PROGRESS AND RESULTS
The results of the Action consist of the above 9 tasks developing in parallel, with continuous cross-fertilisation of ideas. The diverse problem domains (image processing, navigation) are united by a bottom-up approach of allowing the complexity of the world to create the complexity of the organism.
The VUB have had robots on display in various places, notably at the Seville Expo 92 and the Esprit Conference. The adaptive dynamics algorithm is becoming known to neuroscientists as a rationale for learning at the level of ion channels in the brain. Hamburg has implemented software which plans trajectories in traffic scenes, as well as feature extraction in images. The ULB has a Transputer-based demo of path-planning using the wave-method. The Spanish group have a program showing a simulated robotlearning complex path-planning using reinforcement learning. The Finnish group have developed a sophisticated scene-processing environment and can show their self-organising algorithms learning to extract regularities.
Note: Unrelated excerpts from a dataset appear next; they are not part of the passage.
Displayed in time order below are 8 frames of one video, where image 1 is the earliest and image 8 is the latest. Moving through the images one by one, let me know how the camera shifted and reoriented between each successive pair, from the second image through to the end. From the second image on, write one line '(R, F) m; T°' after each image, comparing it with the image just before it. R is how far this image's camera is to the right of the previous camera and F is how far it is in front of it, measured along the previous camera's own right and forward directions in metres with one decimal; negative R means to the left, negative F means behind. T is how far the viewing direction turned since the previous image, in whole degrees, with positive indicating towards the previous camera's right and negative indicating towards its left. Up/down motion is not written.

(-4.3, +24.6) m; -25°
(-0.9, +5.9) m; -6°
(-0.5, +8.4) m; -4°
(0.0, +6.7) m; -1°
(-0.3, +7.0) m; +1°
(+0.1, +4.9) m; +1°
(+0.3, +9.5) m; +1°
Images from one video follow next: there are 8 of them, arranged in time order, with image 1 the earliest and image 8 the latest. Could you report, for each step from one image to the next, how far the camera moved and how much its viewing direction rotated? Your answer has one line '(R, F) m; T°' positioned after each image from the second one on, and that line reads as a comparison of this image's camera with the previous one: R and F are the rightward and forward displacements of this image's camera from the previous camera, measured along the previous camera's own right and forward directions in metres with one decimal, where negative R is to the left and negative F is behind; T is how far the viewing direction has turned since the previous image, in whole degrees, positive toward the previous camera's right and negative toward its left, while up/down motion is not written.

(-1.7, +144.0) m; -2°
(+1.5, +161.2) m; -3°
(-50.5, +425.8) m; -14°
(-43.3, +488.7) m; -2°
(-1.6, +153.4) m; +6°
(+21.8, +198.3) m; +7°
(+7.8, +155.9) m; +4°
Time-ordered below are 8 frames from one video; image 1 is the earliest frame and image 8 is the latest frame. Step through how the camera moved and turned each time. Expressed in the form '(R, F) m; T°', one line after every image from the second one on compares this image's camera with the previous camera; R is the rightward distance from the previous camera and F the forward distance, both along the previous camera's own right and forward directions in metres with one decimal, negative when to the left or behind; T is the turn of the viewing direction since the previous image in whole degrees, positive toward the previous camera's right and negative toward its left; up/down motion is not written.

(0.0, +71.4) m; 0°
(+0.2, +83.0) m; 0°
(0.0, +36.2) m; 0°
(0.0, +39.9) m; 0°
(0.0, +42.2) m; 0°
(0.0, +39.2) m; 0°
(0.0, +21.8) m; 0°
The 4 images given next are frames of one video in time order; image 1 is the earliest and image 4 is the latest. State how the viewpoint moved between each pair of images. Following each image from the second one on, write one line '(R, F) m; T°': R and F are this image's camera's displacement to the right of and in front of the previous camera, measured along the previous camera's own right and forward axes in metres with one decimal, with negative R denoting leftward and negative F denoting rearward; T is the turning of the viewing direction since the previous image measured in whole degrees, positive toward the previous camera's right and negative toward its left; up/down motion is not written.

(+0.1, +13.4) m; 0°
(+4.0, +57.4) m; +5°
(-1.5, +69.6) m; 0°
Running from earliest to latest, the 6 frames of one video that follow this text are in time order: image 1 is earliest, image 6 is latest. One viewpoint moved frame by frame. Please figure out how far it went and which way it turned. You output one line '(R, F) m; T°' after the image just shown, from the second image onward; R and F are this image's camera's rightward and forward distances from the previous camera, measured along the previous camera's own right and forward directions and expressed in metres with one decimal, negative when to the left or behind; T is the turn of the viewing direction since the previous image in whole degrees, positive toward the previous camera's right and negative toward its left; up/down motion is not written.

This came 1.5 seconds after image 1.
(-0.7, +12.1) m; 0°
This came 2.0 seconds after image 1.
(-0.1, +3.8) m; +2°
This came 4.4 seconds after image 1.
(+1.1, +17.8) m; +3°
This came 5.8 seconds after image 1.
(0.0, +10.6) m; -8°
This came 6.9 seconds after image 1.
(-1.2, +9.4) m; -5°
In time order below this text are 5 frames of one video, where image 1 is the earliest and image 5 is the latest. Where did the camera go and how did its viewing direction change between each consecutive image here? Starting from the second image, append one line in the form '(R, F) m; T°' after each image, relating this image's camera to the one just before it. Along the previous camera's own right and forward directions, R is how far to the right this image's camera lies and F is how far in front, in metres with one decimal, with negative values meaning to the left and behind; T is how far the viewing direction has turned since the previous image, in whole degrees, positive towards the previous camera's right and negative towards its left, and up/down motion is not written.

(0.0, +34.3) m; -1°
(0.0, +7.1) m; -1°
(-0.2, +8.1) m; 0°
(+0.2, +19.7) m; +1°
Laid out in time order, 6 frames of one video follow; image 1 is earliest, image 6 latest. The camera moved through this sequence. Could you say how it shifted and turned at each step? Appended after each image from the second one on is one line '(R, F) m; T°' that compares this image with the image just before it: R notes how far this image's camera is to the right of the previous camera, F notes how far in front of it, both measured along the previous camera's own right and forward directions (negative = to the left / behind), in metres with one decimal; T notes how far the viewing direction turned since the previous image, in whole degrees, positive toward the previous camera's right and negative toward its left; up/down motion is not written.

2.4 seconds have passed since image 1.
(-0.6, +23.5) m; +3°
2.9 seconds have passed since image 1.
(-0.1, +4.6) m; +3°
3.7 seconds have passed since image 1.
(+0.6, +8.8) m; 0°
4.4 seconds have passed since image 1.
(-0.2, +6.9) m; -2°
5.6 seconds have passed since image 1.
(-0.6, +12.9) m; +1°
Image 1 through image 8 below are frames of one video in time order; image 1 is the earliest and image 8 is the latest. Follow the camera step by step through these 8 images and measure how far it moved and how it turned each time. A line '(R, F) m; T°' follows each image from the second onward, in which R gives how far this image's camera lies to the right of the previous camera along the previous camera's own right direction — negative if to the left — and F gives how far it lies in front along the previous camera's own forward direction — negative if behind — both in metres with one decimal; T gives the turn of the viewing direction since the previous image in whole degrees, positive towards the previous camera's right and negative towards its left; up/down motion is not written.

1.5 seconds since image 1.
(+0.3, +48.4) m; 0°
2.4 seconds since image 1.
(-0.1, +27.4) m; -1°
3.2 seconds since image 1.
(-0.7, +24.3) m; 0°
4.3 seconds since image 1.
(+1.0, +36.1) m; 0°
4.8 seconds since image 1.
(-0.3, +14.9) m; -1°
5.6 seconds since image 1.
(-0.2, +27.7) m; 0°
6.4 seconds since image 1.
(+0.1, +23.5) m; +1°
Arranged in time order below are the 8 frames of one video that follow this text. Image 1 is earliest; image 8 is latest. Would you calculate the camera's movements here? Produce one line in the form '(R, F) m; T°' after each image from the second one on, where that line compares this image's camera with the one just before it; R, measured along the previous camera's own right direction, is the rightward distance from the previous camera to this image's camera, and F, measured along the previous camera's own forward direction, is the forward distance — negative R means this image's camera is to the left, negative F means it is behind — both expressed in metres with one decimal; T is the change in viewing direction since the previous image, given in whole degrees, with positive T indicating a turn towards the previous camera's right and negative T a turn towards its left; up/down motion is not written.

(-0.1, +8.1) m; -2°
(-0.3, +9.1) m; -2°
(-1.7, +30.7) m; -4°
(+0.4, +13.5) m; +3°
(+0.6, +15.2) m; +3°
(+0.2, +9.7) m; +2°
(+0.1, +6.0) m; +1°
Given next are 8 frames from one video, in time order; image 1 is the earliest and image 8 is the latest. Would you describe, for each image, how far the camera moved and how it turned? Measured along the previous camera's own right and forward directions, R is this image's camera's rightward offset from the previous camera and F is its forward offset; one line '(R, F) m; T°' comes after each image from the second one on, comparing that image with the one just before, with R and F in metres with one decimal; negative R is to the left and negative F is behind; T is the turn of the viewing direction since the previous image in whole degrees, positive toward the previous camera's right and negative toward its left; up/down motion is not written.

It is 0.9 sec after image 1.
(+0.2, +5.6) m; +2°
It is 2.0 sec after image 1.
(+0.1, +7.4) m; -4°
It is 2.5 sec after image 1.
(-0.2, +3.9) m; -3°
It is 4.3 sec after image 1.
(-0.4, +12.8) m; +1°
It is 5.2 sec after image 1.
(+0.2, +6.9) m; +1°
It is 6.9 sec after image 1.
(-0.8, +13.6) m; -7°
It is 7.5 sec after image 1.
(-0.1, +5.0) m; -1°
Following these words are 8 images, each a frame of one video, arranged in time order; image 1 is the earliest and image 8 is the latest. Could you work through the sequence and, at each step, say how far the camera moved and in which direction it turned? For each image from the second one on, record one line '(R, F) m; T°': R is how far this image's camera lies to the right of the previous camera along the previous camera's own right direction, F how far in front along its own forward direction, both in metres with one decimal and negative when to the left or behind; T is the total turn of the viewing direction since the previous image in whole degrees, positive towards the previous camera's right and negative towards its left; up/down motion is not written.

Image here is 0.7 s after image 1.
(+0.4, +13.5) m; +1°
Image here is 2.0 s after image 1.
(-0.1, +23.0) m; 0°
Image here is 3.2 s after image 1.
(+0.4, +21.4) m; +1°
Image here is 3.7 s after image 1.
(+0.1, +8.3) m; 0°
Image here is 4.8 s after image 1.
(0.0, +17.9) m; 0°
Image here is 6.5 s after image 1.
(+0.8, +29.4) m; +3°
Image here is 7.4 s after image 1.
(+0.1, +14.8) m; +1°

A number of papers describing various of these methods have started to appear, some in journals and some in conference proceedings.
The short-term potential lies in contributions of new techniques for robotics, planning and scene analysis which emphasise the generation, rather than programming, of solutions. In the longer term, approaches like this are the only ones that are expected to pass a certain level of sophistication. Only by understanding how dynamic computation can interact with a world in flux can one hope to build robust adaptable machines.